La planète brûle ou se noie, s’échauffe ou s’assèche.

Les incendient ravagent la Californie, le Canada, le Maroc, la Kabylie, la Corse, l’Italie, le sud de la France, la Turquie, l’île d’Eubée en Grèce. La Sibérie n’est pas épargnée. En Iakoutie, c’est un territoire grand comme le Portugal qui a brûlé. Les témoins signalent des cendres jusqu’au pôle Nord. On a inventé le terme de mégafeux pour décrire le phénomène.

Il y a le feu, et il y a l’eau. Un peu avant, l’Allemagne et la Belgique essuyaient des tempêtes et des inondations, provoquant plus de 200 morts. De la Chine au Tennessee, la Terre prend l’eau. La liste n’est pas exhaustive. Les événements se succèdent désormais à un rythme soutenu faisant des journaux le déroulé désespérant et sans fin des catastrophes. Incendies, tempêtes, sécheresse, dômes de chaleur. Rien ne nous est épargné et l’on pressent bien que ce n’est qu’un début. En comparaison, l’image de l’ours polaire coincé sur son glaçon flottant en devient pittoresque.

Des conséquences irréversibles

Les conséquences s’annoncent lourdes en termes humains. Notamment pour les populations les plus vulnérables. Le directeur général de l’OIM, l’Organisation internationale pour les migrations, António Vitorino, rappelait il y a quelques jours que l’an dernier plus de la moitié des déplacements de population étaient déjà dus à des catastrophes climatiques. Les experts de la géopolitique imaginent des conflits qui auront pour objet l’accès à l’eau. Les scientifiques déplorent des conséquences irréversibles sur la biodiversité, des perturbations sur les cultures.

La question est de savoir si le spectacle des désastres nous poussera à agir, à changer de mode de vie. L’action plutôt que la sidération. On a beau se convaincre que le changement de modèle est aussi source d’emplois et d’opportunités comme le plaide Bertrand Piccard avec beaucoup d’arguments et de conviction, on n’échappera pas à des changements drastiques de nos conduites quotidiennes. Et si nous ne le faisons pas, égoïstement, nos enfants et petits-enfants y seront contraints de toute façon.

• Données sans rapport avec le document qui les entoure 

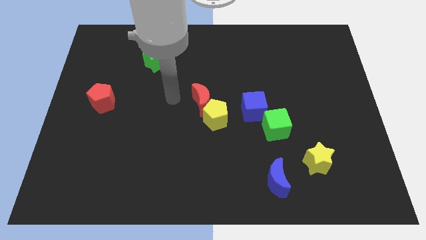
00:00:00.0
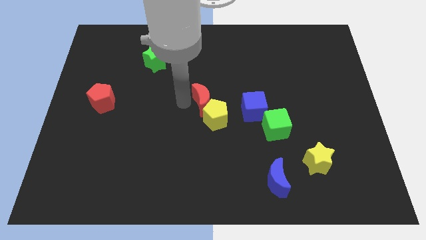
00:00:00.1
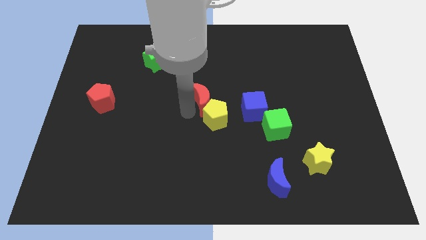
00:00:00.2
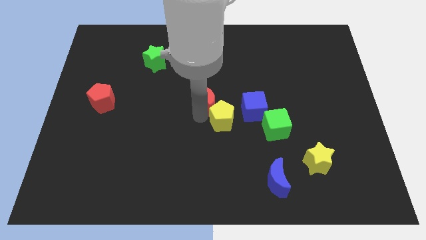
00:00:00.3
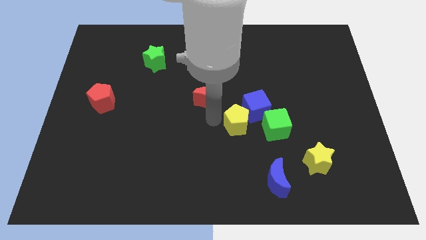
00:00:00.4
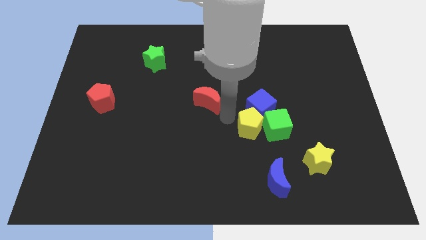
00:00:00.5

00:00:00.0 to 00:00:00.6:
pull the red moon apart from the yellow pentagon

Preuve de la difficulté à s’investir dans ce combat contre le réchauffement climatique, plus de la moitié des signataires de l’Accord de Paris sur le climat ont déjà réduit leurs ambitions en termes de réduction des émissions de gaz à effet de serre. La COP 26 à Glasgow, au début novembre, sera l’occasion de voir si les événements de l’été bouleversent ces rétropédalages.

Les efforts de tous

L’alerte est-elle suffisamment forte ? Difficile de le savoir, là, tout de suite. Je crois que tout le monde est convaincu que nous ne pouvons pas continuer comme cela. Mais les moyens de nous en sortir ne nous paraissent pas si évidents. Le pire serait de croire que la planète est définitivement folle et qu’il n’y a plus rien à faire. Le Secrétaire général des Nations Unies a commenté ainsi le rapport du GIEC : « La viabilité de nos sociétés dépend des dirigeants des gouvernements, des entreprises et de la société civile qui exigeront des politiques, des actions et des investissements qui limiteront la hausse des températures à 1,5°C ». En fait, l’urgence climatique requiert les efforts de nous tous.

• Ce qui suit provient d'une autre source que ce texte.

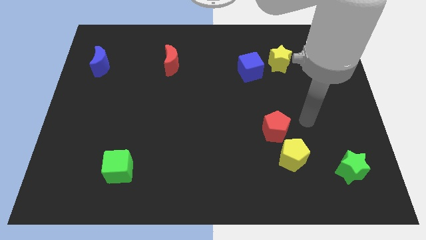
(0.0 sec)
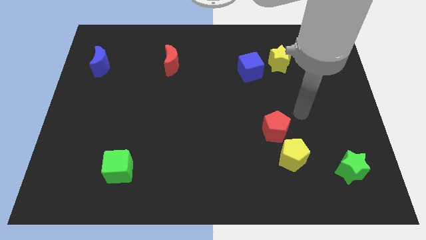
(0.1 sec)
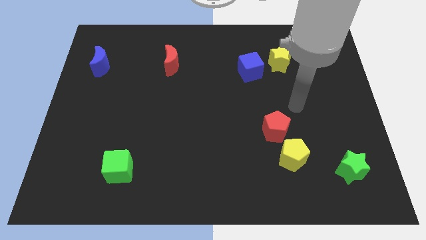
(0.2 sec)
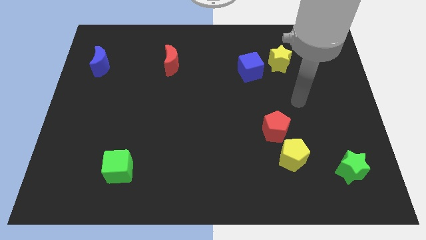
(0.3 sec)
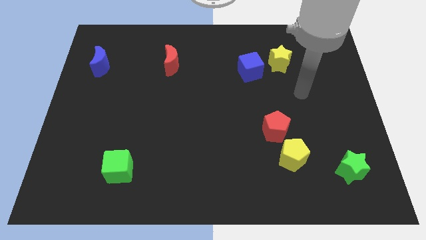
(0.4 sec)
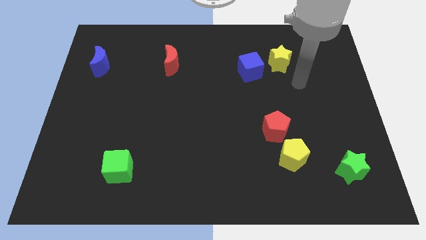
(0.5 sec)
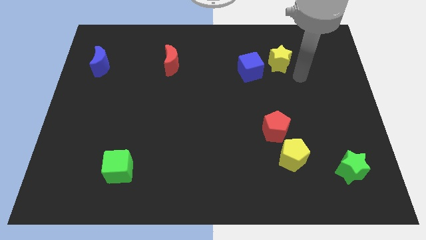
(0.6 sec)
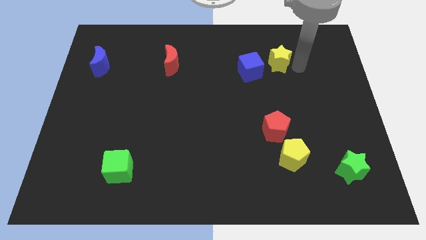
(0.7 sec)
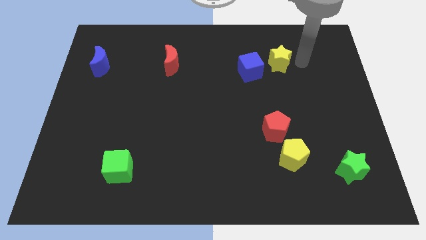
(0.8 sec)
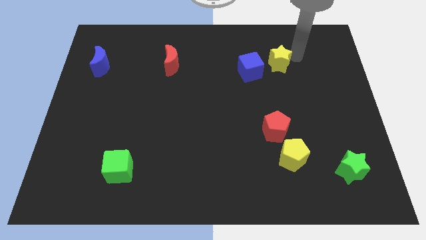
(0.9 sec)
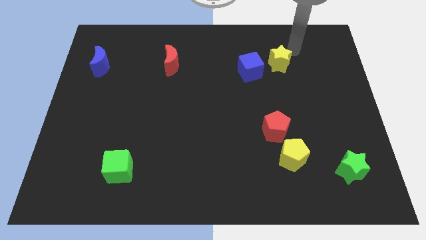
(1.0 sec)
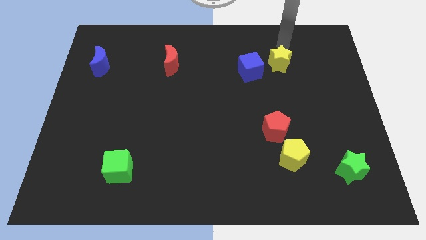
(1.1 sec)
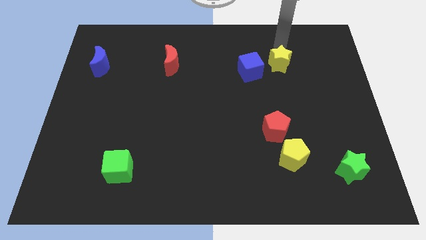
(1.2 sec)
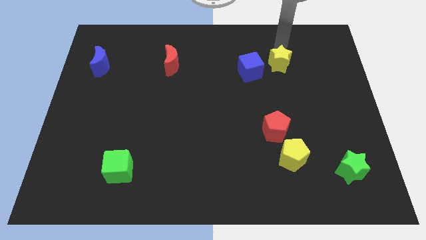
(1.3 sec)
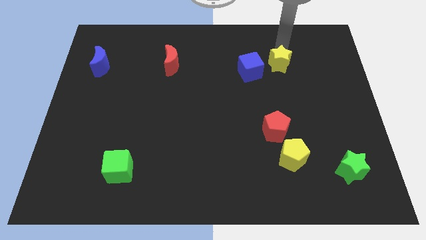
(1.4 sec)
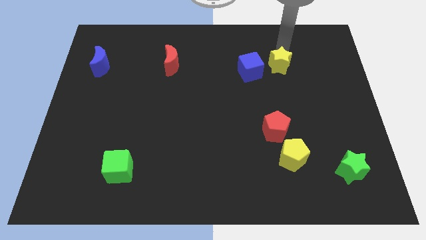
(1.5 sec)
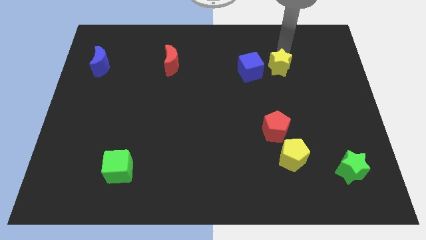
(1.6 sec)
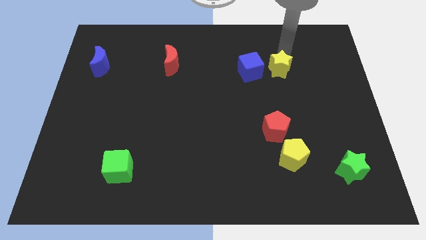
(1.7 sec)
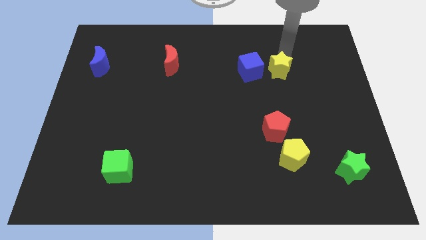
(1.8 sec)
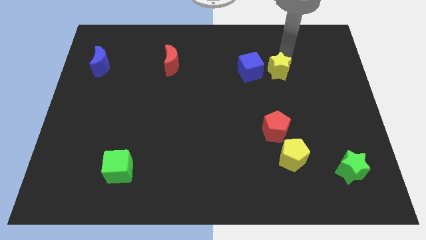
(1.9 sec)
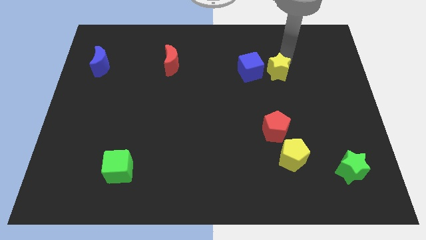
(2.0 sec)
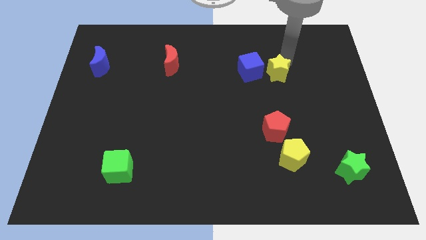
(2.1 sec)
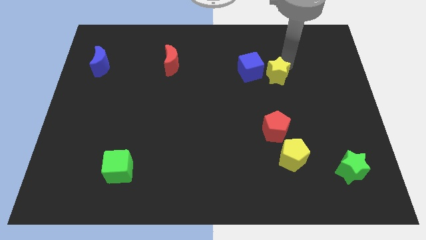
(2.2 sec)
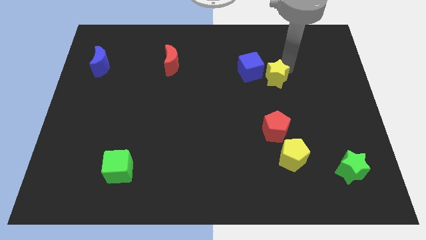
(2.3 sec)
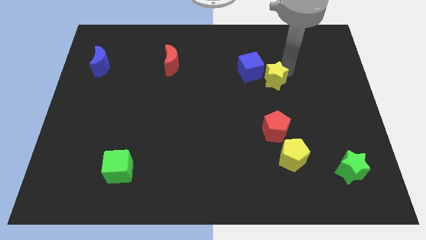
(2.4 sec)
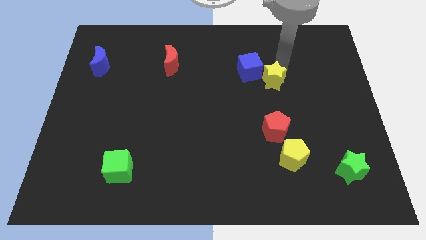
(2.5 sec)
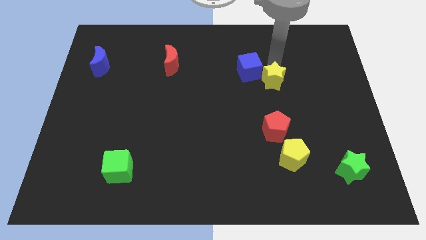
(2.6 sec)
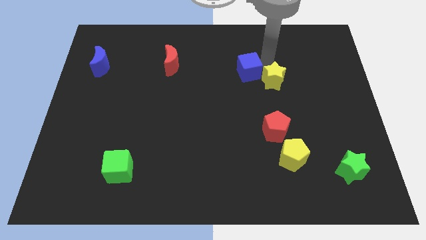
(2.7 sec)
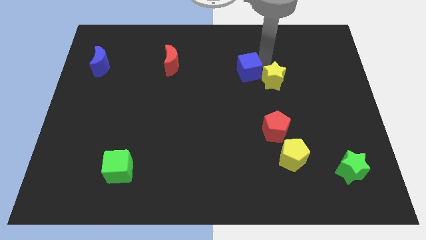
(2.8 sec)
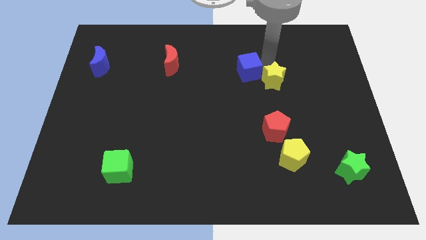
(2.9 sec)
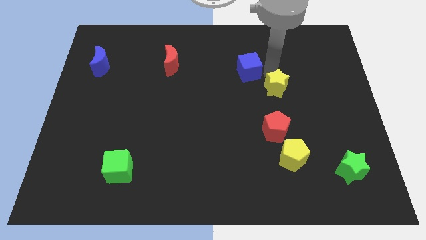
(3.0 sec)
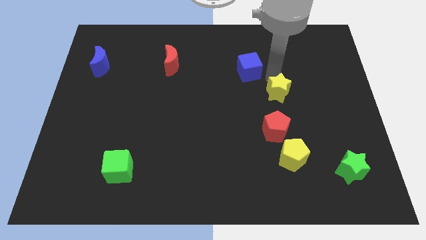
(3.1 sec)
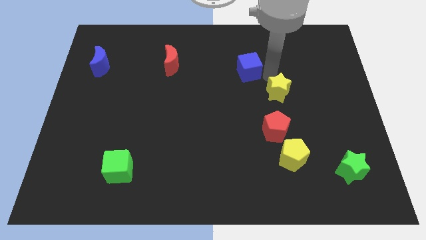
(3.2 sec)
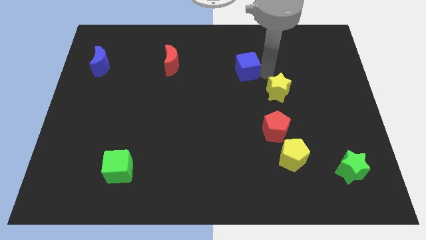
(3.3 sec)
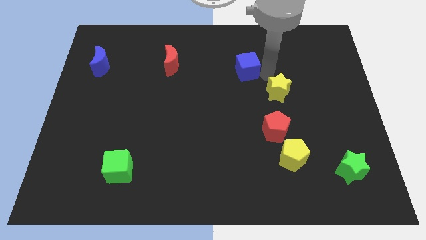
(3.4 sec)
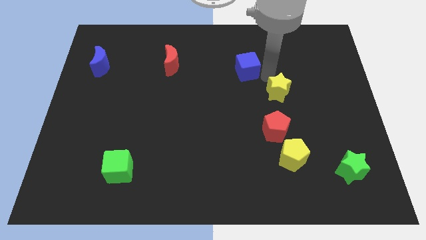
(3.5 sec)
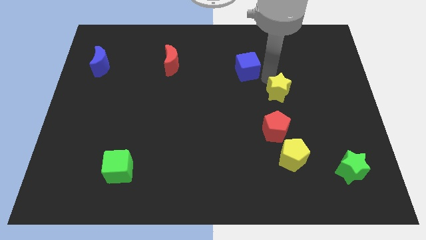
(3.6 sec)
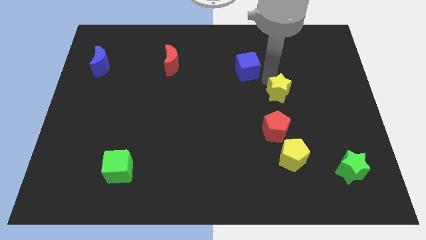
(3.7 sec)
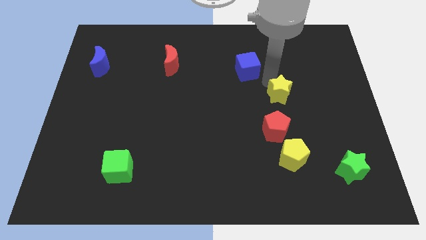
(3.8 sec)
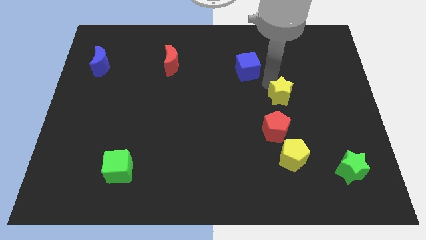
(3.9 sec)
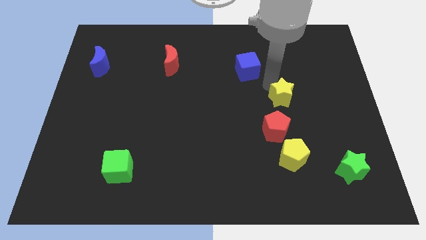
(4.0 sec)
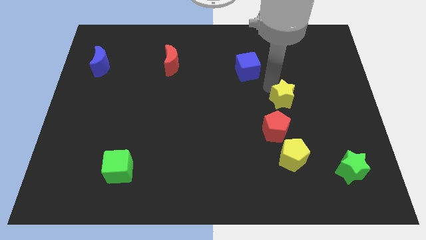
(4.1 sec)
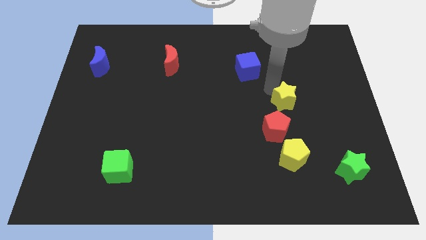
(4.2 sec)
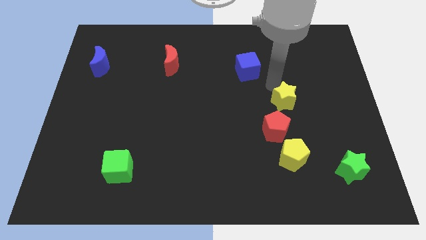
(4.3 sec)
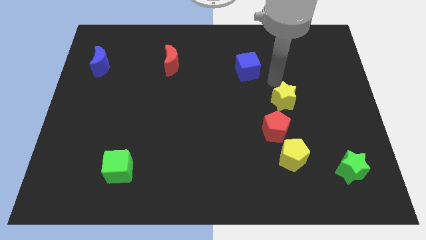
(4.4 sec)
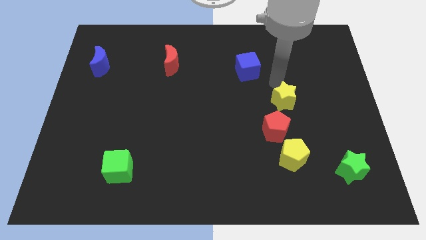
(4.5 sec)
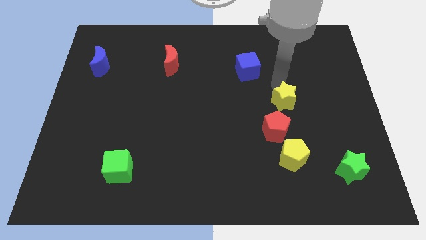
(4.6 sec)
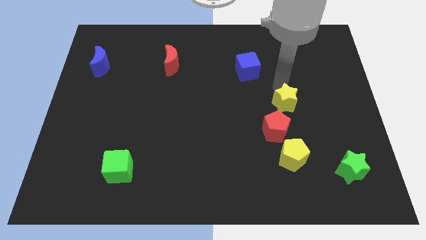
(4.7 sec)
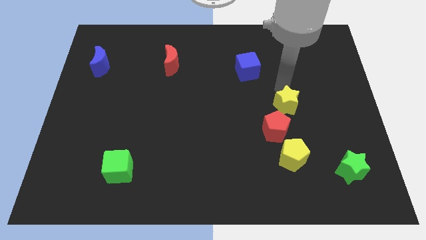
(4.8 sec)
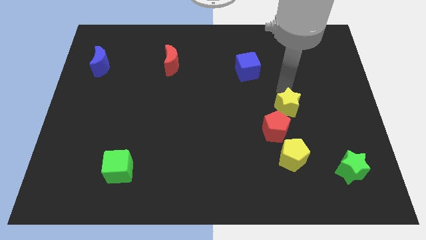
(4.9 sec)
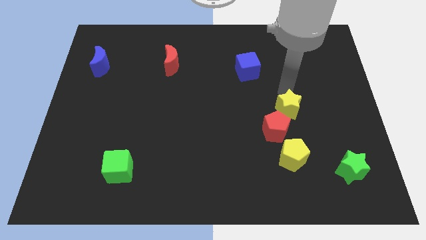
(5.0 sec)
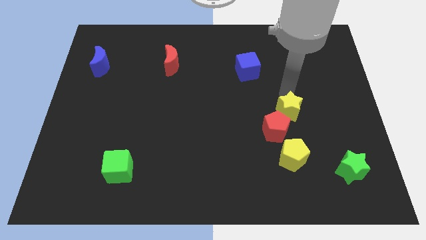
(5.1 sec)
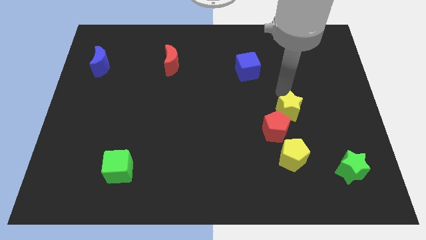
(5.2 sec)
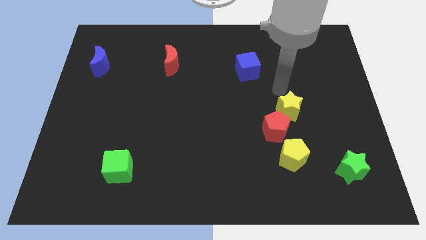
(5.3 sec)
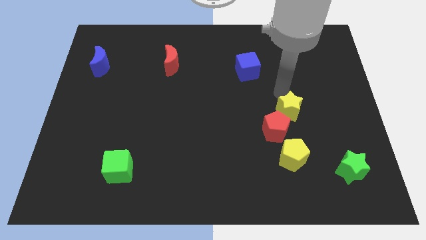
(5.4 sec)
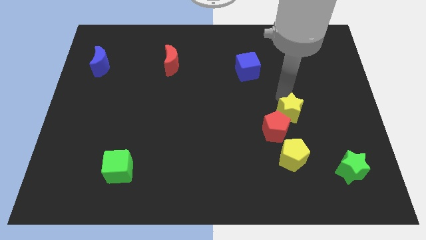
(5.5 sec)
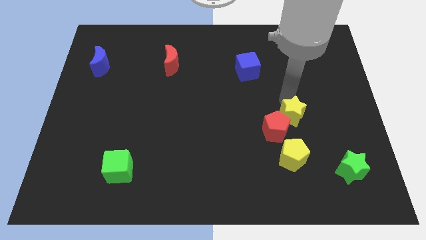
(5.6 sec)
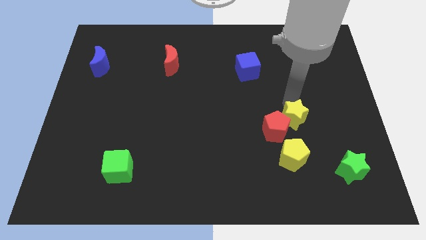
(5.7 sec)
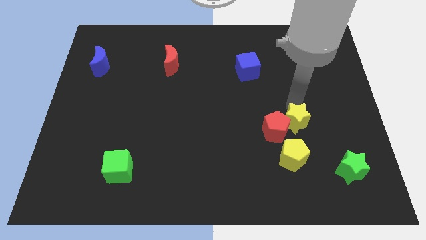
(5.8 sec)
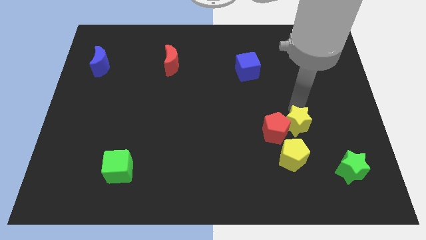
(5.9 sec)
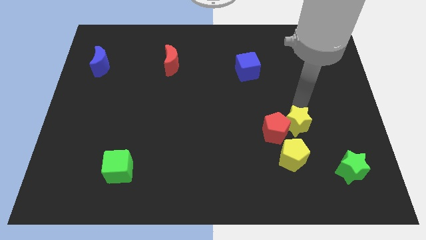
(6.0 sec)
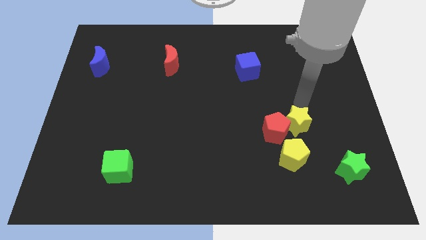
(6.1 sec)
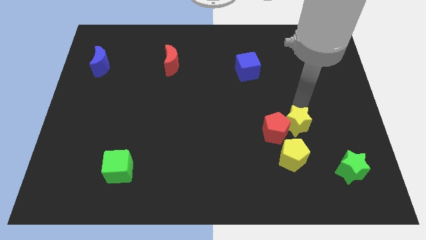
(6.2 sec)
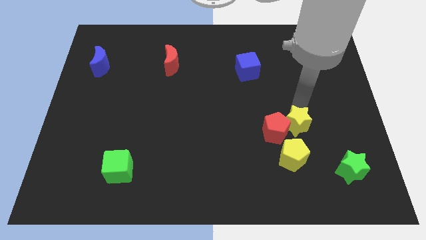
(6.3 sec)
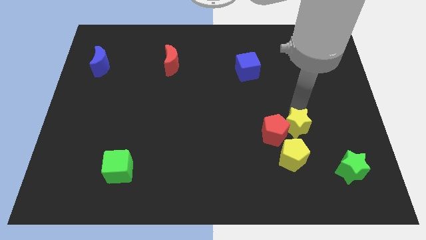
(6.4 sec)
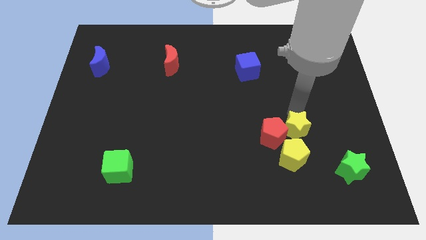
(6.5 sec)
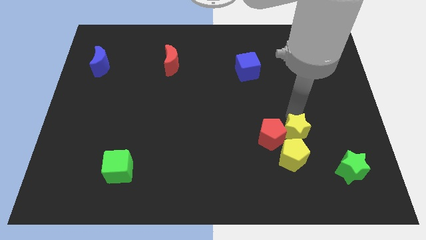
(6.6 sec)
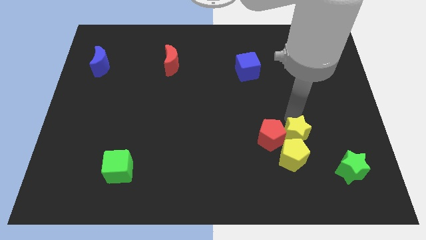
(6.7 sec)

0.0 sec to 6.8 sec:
put the yellow star close to the yellow pentagon

Y sommes-nous prêts ? L’âme humaine étant ainsi faite, tous les malheurs du monde ne suffiront sans doute pas à nous faire bouger avant que les effets de la terrible catastrophe ne nous affectent personnellement. Ou alors, il faudrait qu’un formidable sentiment de compassion et un sens aigu de clairvoyance nous saisissent tous et aussitôt.